- _WHAT THE EXERCISE ASKS_: Once the pictures are removed, restate the listing word for word.

- _EXERCISE DATA_:
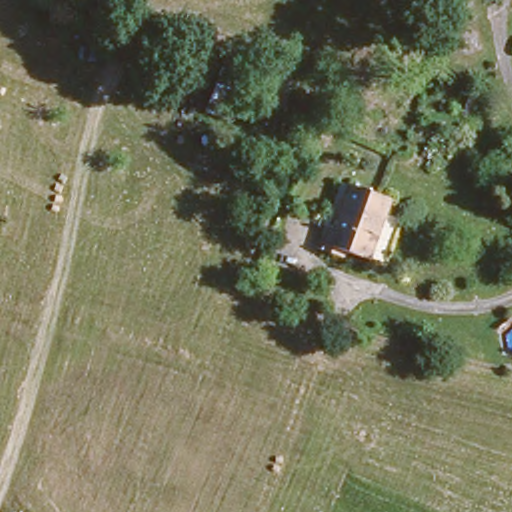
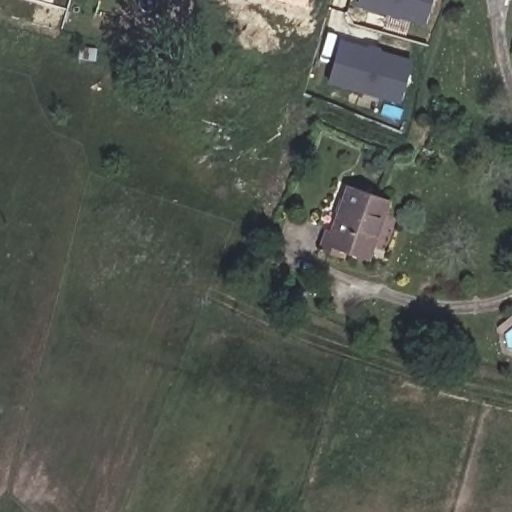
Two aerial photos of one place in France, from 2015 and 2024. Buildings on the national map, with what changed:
new [(422,24),(357,6),(359,0),(429,0),(422,24)]
new [(328,84),(340,40),(411,60),(398,103),(328,84)]
unchanged [(325,234),(350,175),(396,191),(370,252),(325,234)]

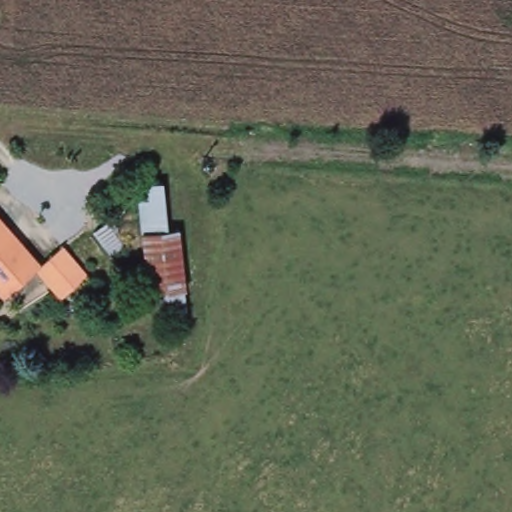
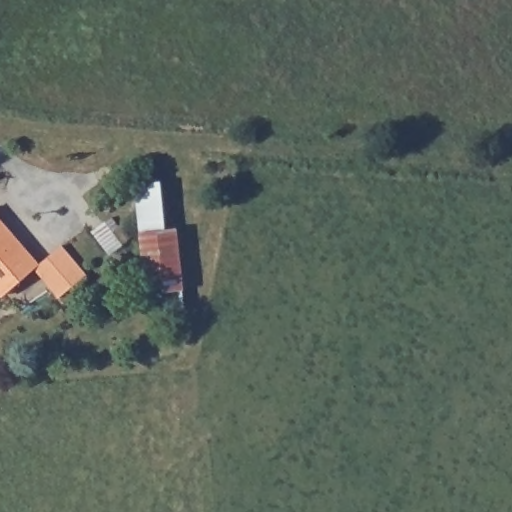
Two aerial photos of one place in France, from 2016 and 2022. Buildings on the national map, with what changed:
unchanged [(137,178),(162,175),(167,223),(142,226),(137,178)]
unchanged [(111,213),(112,213),(128,236),(119,243),(111,248),(94,225),(111,213)]
unchanged [(162,307),(161,286),(150,287),(142,226),(167,223),(178,222),(185,283),(182,284),(185,304),(162,307)]
unchanged [(57,250),(92,291),(79,302),(69,291),(55,303),(31,274),(0,300),(0,230),(34,270),(57,250)]

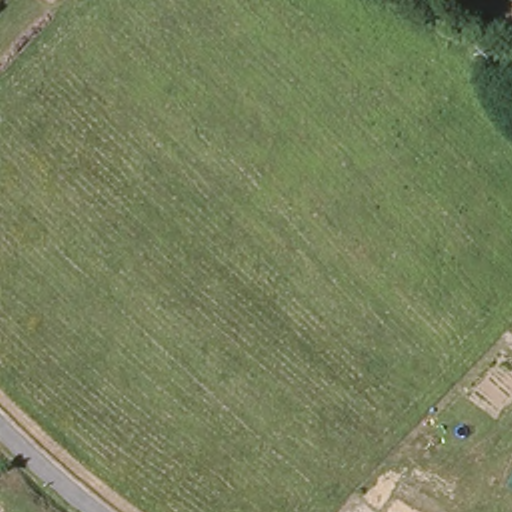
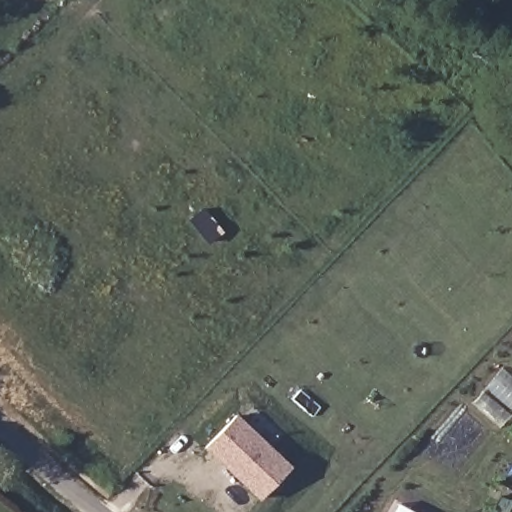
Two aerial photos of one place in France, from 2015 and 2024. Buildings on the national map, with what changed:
new [(291,467),(259,501),(204,447),(236,414),(291,467)]

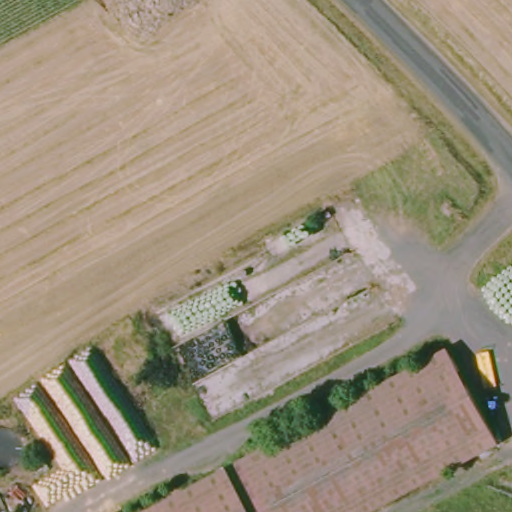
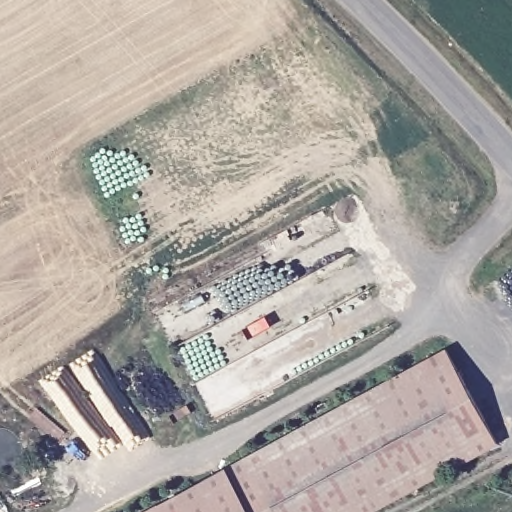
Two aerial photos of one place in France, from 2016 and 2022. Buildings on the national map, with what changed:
unchanged [(491,442),(364,512),(240,512),(218,470),(437,348),(491,442)]
unchanged [(156,512),(153,507),(218,470),(240,512),(156,512)]
unchanged [(143,512),(153,507),(156,512),(143,512)]

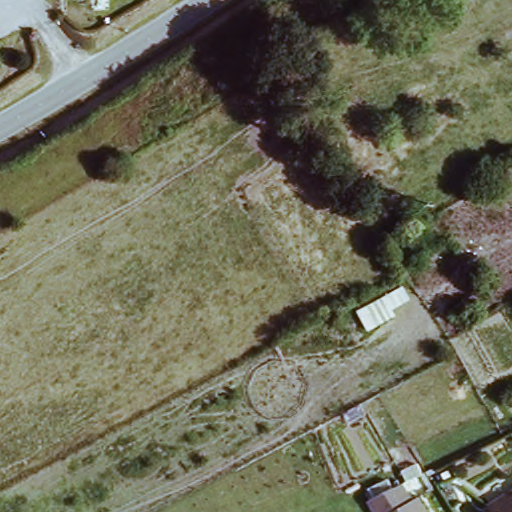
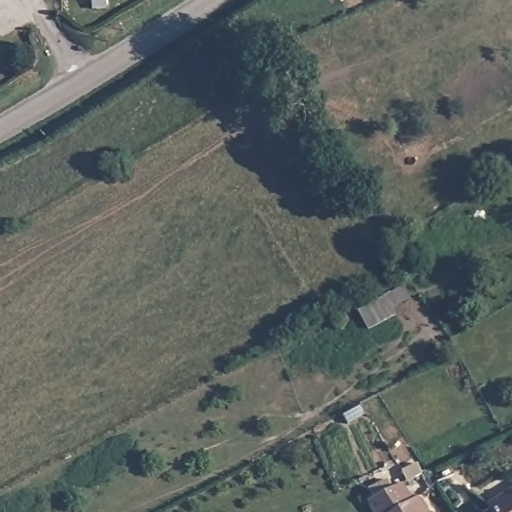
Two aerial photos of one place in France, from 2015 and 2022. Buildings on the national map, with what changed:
unchanged [(490,346),(502,370),(488,376),(477,354),(490,346)]
unchanged [(489,507),(512,492),(512,512),(492,512),(489,507)]
unchanged [(418,498),(427,512),(396,512),(418,498)]

- _RESULT FOR THIS TASK_:
Two aerial photos of one place in France, from 2015 and 2024. Buildings on the national map, with what changed:
new [(422,24),(357,6),(359,0),(429,0),(422,24)]
new [(328,84),(340,40),(411,60),(398,103),(328,84)]
unchanged [(325,234),(350,175),(396,191),(370,252),(325,234)]

Two aerial photos of one place in France, from 2016 and 2022. Buildings on the national map, with what changed:
unchanged [(137,178),(162,175),(167,223),(142,226),(137,178)]
unchanged [(111,213),(112,213),(128,236),(119,243),(111,248),(94,225),(111,213)]
unchanged [(162,307),(161,286),(150,287),(142,226),(167,223),(178,222),(185,283),(182,284),(185,304),(162,307)]
unchanged [(57,250),(92,291),(79,302),(69,291),(55,303),(31,274),(0,300),(0,230),(34,270),(57,250)]

Two aerial photos of one place in France, from 2015 and 2024. Buildings on the national map, with what changed:
new [(291,467),(259,501),(204,447),(236,414),(291,467)]

Two aerial photos of one place in France, from 2016 and 2022. Buildings on the national map, with what changed:
unchanged [(491,442),(364,512),(240,512),(218,470),(437,348),(491,442)]
unchanged [(156,512),(153,507),(218,470),(240,512),(156,512)]
unchanged [(143,512),(153,507),(156,512),(143,512)]

Two aerial photos of one place in France, from 2015 and 2022. Buildings on the national map, with what changed:
unchanged [(490,346),(502,370),(488,376),(477,354),(490,346)]
unchanged [(489,507),(512,492),(512,512),(492,512),(489,507)]
unchanged [(418,498),(427,512),(396,512),(418,498)]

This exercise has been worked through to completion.